Using TensorFlow backend.





In [3]:
def dqn():
    #model 학습을 위한 args를 만들기
    env = Tetris()
    episodes = 2000
    max_steps = None
    epsilon_stop_episode = 1500
    mem_size = 20000
    discount = 0.95
    batch_size = 128
    epochs = 15
    render_every = 1
    log_every = 50
    replay_start_size = 2000
    train_every = 1
    n_neurons = [32, 32]
    render_delay = None
    activations = ['relu', 'relu', 'linear']

    agent = DQNAgent(env.get_state_size(),
                     n_neurons=n_neurons, activations=activations,
                     epsilon_stop_episode=epsilon_stop_episode, mem_size=mem_size,
                     discount=discount, replay_start_size=replay_start_size)

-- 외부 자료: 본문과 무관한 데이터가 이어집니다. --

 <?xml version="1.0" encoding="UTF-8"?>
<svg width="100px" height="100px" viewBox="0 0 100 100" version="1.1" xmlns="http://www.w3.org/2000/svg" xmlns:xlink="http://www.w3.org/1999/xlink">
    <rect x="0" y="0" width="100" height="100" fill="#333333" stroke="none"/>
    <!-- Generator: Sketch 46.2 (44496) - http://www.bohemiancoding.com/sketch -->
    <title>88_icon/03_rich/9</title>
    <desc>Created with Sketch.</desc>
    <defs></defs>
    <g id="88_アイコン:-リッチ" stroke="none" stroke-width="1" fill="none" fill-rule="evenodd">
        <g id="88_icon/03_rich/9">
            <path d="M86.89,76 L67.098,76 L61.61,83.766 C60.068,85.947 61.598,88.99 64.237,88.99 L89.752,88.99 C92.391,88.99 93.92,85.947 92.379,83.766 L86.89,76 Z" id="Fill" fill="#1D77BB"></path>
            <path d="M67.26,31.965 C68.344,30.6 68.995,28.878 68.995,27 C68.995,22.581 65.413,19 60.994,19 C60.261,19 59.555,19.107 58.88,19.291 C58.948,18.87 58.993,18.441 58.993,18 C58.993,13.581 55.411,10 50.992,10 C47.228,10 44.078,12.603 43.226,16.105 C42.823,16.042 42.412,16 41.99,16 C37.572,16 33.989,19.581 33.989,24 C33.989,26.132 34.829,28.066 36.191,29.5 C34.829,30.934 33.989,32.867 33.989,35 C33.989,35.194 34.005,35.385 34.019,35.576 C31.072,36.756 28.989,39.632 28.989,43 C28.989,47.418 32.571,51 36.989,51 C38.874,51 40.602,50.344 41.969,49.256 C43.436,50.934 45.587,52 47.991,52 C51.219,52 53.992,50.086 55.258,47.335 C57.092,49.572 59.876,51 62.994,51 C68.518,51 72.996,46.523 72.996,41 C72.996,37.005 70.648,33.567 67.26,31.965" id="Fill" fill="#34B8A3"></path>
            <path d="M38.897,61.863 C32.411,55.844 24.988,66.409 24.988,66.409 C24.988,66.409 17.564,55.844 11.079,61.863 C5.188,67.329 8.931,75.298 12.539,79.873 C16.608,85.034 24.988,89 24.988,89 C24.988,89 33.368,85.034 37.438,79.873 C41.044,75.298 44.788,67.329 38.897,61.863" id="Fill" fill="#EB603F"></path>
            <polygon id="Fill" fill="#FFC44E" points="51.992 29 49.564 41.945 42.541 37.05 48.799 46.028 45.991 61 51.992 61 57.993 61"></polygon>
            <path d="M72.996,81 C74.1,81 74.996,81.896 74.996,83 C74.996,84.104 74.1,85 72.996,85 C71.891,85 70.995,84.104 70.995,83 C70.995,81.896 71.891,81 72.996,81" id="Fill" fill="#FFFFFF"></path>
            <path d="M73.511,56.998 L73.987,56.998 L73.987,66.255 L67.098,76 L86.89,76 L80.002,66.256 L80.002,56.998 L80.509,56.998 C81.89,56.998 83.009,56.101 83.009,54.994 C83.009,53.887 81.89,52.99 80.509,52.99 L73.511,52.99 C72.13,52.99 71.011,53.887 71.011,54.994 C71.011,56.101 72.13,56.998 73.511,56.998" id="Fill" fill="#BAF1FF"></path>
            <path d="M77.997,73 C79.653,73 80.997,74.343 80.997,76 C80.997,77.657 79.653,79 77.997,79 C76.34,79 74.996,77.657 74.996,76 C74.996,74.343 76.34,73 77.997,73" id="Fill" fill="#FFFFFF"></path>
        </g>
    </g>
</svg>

    # log data를 저장하기위해 directory를 만들고 log data 저장을 위해 tensorboard를 이용
    log_dir = f'logs/tetris-nn={str(n_neurons)}-mem={mem_size}-bs={batch_size}-e={epochs}-{datetime.now().strftime("%Y%m%d-%H%M%S")}'
    log = CustomTensorBoard(log_dir=log_dir)

    scores = []

    # 설정해둔 episode만큼 게임을 진행
    # 여기서 'tqdm'은 아래에 진행 상황을 보여주는 bar를 위해 이용됨.
    for episode in tqdm(range(episodes)):
        current_state = env.reset()
        done = False
        steps = 0
        
        # 경기 렌더링을 몇번의 episode마다 진행할것인지 결정
        if render_every and episode % render_every == 0:
            render = True
        else:
            render = False

        # done(false: not game over, true: game over)
        # 경기가 끝날 때까지 진행한다. (done!=true)
        while not done and (not max_steps or steps < max_steps):
            next_states = env.get_next_states()
            best_state = agent.best_state(next_states.values())
            
            best_action = None
            for action, state in next_states.items():
                if state == best_state:
                    best_action = action
                    break
            
            #dqn_agent.play()에 args를 넘기고 reward와 경기 종료 유무 받아 저장
            reward, done = env.play(best_action[0], best_action[1], render=render,
                                    render_delay=render_delay)
            
            #train을 위해 memory buffer에 학습자료 넣기.
            agent.add_to_memory(current_state, next_states[best_action], reward, done)
            current_state = next_states[best_action]
            steps += 1

        scores.append(env.get_game_score())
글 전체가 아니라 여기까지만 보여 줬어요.